One easy way to do this is adding the word “yet” to your statements, which serves as a reminder that your efforts can create a future reality that’s different from your current state.
A few examples:
Negative Positive
“I’m not good at this.” “I’m not good at this yet.”
“I don’t know the answer.” “I don’t know the answer yet.”
4. Dwell on Solutions, Not Problems
Complement your positive self-talk with a solution-oriented approach to problems, which can help you maintain a can-do mindset during challenging situations.
When faced with hardship, don’t spend too much time dwelling on the problem itself. Instead, consider all the skills and resources you have at your disposal and how you can leverage them to create a strong outcome. Make a list, if necessary. Keep the focus on possible solutions and how you might implement them. Chances are, this practice will help you pinpoint a path forward and put your solution in motion.
Remembering how capable you are can help you approach challenges with a clear head and confident energy, which will typically yield better results.
5. Be Patient With Yourself and the Process
A growth mindset must be balanced with this simple fact: We can make great strides, but we can never be perfect. We’ll have imperfections no matter how much we improve.
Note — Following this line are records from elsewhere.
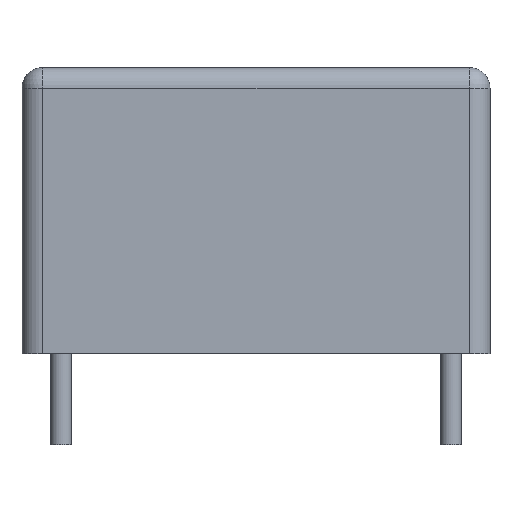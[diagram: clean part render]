
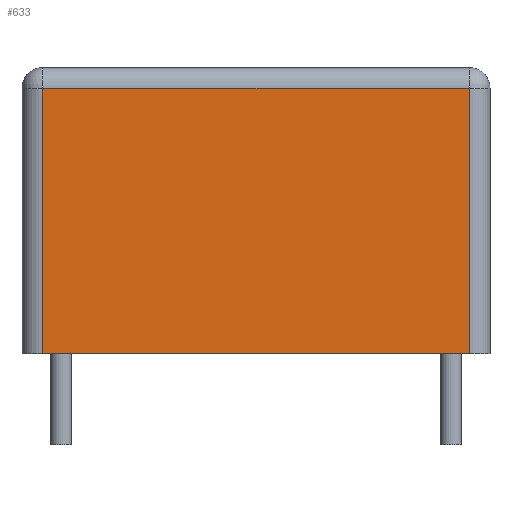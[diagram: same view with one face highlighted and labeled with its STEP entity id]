
A CAD part, front view. The second image highlights one B-rep face of the part: STEP entity #633.
In plain terms, the highlighted planar face has unit normal (0, -1, 0).
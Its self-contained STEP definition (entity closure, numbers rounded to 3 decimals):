
#156 = PLANE('',#157);
#157 = AXIS2_PLACEMENT_3D('',#158,#159,#160);
#158 = CARTESIAN_POINT('',(-9.,-2.5,0.));
#159 = DIRECTION('',(0.,0.,1.));
#160 = DIRECTION('',(1.,0.,0.));
#238 = CYLINDRICAL_SURFACE('',#239,0.8);
#239 = AXIS2_PLACEMENT_3D('',#240,#241,#242);
#240 = CARTESIAN_POINT('',(-8.2,-1.7,0.));
#241 = DIRECTION('',(0.,0.,1.));
#242 = DIRECTION('',(-1.,0.,0.));
#255 = VERTEX_POINT('',#256);
#256 = CARTESIAN_POINT('',(-8.2,-2.5,0.));
#278 = EDGE_CURVE('',#255,#279,#281,.T.);
#279 = VERTEX_POINT('',#280);
#280 = CARTESIAN_POINT('',(8.2,-2.5,0.));
#281 = SURFACE_CURVE('',#282,(#286,#293),.PCURVE_S1.);
#282 = LINE('',#283,#284);
#283 = CARTESIAN_POINT('',(-9.,-2.5,0.));
#284 = VECTOR('',#285,1.);
#285 = DIRECTION('',(1.,0.,0.));
#286 = PCURVE('',#156,#287);
#287 = DEFINITIONAL_REPRESENTATION('',(#288),#292);
#288 = LINE('',#289,#290);
#289 = CARTESIAN_POINT('',(0.,0.));
#290 = VECTOR('',#291,1.);
#291 = DIRECTION('',(1.,0.));
#292 = ( GEOMETRIC_REPRESENTATION_CONTEXT(2) 
PARAMETRIC_REPRESENTATION_CONTEXT() REPRESENTATION_CONTEXT('2D SPACE',''
  ) );
#293 = PCURVE('',#294,#299);
#294 = PLANE('',#295);
#295 = AXIS2_PLACEMENT_3D('',#296,#297,#298);
#296 = CARTESIAN_POINT('',(-9.,-2.5,0.));
#297 = DIRECTION('',(0.,1.,0.));
#298 = DIRECTION('',(0.,0.,1.));
#299 = DEFINITIONAL_REPRESENTATION('',(#300),#304);
#300 = LINE('',#301,#302);
#301 = CARTESIAN_POINT('',(0.,0.));
#302 = VECTOR('',#303,1.);
#303 = DIRECTION('',(0.,1.));
#304 = ( GEOMETRIC_REPRESENTATION_CONTEXT(2) 
PARAMETRIC_REPRESENTATION_CONTEXT() REPRESENTATION_CONTEXT('2D SPACE',''
  ) );
#327 = CYLINDRICAL_SURFACE('',#328,0.8);
#328 = AXIS2_PLACEMENT_3D('',#329,#330,#331);
#329 = CARTESIAN_POINT('',(8.2,-1.7,0.));
#330 = DIRECTION('',(0.,0.,1.));
#331 = DIRECTION('',(1.,0.,0.));
#454 = EDGE_CURVE('',#255,#455,#457,.T.);
#455 = VERTEX_POINT('',#456);
#456 = CARTESIAN_POINT('',(-8.2,-2.5,10.2));
#457 = SURFACE_CURVE('',#458,(#462,#469),.PCURVE_S1.);
#458 = LINE('',#459,#460);
#459 = CARTESIAN_POINT('',(-8.2,-2.5,0.));
#460 = VECTOR('',#461,1.);
#461 = DIRECTION('',(0.,0.,1.));
#462 = PCURVE('',#238,#463);
#463 = DEFINITIONAL_REPRESENTATION('',(#464),#468);
#464 = LINE('',#465,#466);
#465 = CARTESIAN_POINT('',(1.571,0.));
#466 = VECTOR('',#467,1.);
#467 = DIRECTION('',(0.,1.));
#468 = ( GEOMETRIC_REPRESENTATION_CONTEXT(2) 
PARAMETRIC_REPRESENTATION_CONTEXT() REPRESENTATION_CONTEXT('2D SPACE',''
  ) );
#469 = PCURVE('',#294,#470);
#470 = DEFINITIONAL_REPRESENTATION('',(#471),#475);
#471 = LINE('',#472,#473);
#472 = CARTESIAN_POINT('',(0.,0.8));
#473 = VECTOR('',#474,1.);
#474 = DIRECTION('',(1.,0.));
#475 = ( GEOMETRIC_REPRESENTATION_CONTEXT(2) 
PARAMETRIC_REPRESENTATION_CONTEXT() REPRESENTATION_CONTEXT('2D SPACE',''
  ) );
#633 = ADVANCED_FACE('',(#634),#294,.F.);
#634 = FACE_BOUND('',#635,.F.);
#635 = EDGE_LOOP('',(#636,#637,#638,#666));
#636 = ORIENTED_EDGE('',*,*,#278,.F.);
#637 = ORIENTED_EDGE('',*,*,#454,.T.);
#638 = ORIENTED_EDGE('',*,*,#639,.T.);
#639 = EDGE_CURVE('',#455,#640,#642,.T.);
#640 = VERTEX_POINT('',#641);
#641 = CARTESIAN_POINT('',(8.2,-2.5,10.2));
#642 = SURFACE_CURVE('',#643,(#647,#654),.PCURVE_S1.);
#643 = LINE('',#644,#645);
#644 = CARTESIAN_POINT('',(-9.,-2.5,10.2));
#645 = VECTOR('',#646,1.);
#646 = DIRECTION('',(1.,0.,0.));
#647 = PCURVE('',#294,#648);
#648 = DEFINITIONAL_REPRESENTATION('',(#649),#653);
#649 = LINE('',#650,#651);
#650 = CARTESIAN_POINT('',(10.2,0.));
#651 = VECTOR('',#652,1.);
#652 = DIRECTION('',(0.,1.));
#653 = ( GEOMETRIC_REPRESENTATION_CONTEXT(2) 
PARAMETRIC_REPRESENTATION_CONTEXT() REPRESENTATION_CONTEXT('2D SPACE',''
  ) );
#654 = PCURVE('',#655,#660);
#655 = CYLINDRICAL_SURFACE('',#656,0.8);
#656 = AXIS2_PLACEMENT_3D('',#657,#658,#659);
#657 = CARTESIAN_POINT('',(-9.,-1.7,10.2));
#658 = DIRECTION('',(1.,0.,0.));
#659 = DIRECTION('',(0.,-1.,0.));
#660 = DEFINITIONAL_REPRESENTATION('',(#661),#665);
#661 = LINE('',#662,#663);
#662 = CARTESIAN_POINT('',(-0.,0.));
#663 = VECTOR('',#664,1.);
#664 = DIRECTION('',(-0.,1.));
#665 = ( GEOMETRIC_REPRESENTATION_CONTEXT(2) 
PARAMETRIC_REPRESENTATION_CONTEXT() REPRESENTATION_CONTEXT('2D SPACE',''
  ) );
#666 = ORIENTED_EDGE('',*,*,#667,.F.);
#667 = EDGE_CURVE('',#279,#640,#668,.T.);
#668 = SURFACE_CURVE('',#669,(#673,#680),.PCURVE_S1.);
#669 = LINE('',#670,#671);
#670 = CARTESIAN_POINT('',(8.2,-2.5,0.));
#671 = VECTOR('',#672,1.);
#672 = DIRECTION('',(0.,0.,1.));
#673 = PCURVE('',#294,#674);
#674 = DEFINITIONAL_REPRESENTATION('',(#675),#679);
#675 = LINE('',#676,#677);
#676 = CARTESIAN_POINT('',(0.,17.2));
#677 = VECTOR('',#678,1.);
#678 = DIRECTION('',(1.,0.));
#679 = ( GEOMETRIC_REPRESENTATION_CONTEXT(2) 
PARAMETRIC_REPRESENTATION_CONTEXT() REPRESENTATION_CONTEXT('2D SPACE',''
  ) );
#680 = PCURVE('',#327,#681);
#681 = DEFINITIONAL_REPRESENTATION('',(#682),#686);
#682 = LINE('',#683,#684);
#683 = CARTESIAN_POINT('',(-1.571,0.));
#684 = VECTOR('',#685,1.);
#685 = DIRECTION('',(-0.,1.));
#686 = ( GEOMETRIC_REPRESENTATION_CONTEXT(2) 
PARAMETRIC_REPRESENTATION_CONTEXT() REPRESENTATION_CONTEXT('2D SPACE',''
  ) );

So give yourself permission to fumble and fail. Remember that it’s OK to feel frustrated or disappointed—as long as you don’t let your failures stop you. Take a breath, take a break, then keep going.
If you falter in your growth mindset here and there, don’t worry. Dweck notes that “nobody has a growth mindset in everything all the time.”
Mindset Over Matter
If you’re reading this article, congratulations—you’re already showing commitment to your growth and success.
Developing a growth mindset is a crucial step in achieving more for yourself, so do everything you can to practice the tactics we outlined above. And remember to keep the focus on possibility, positivity, and progress. You’ve got this.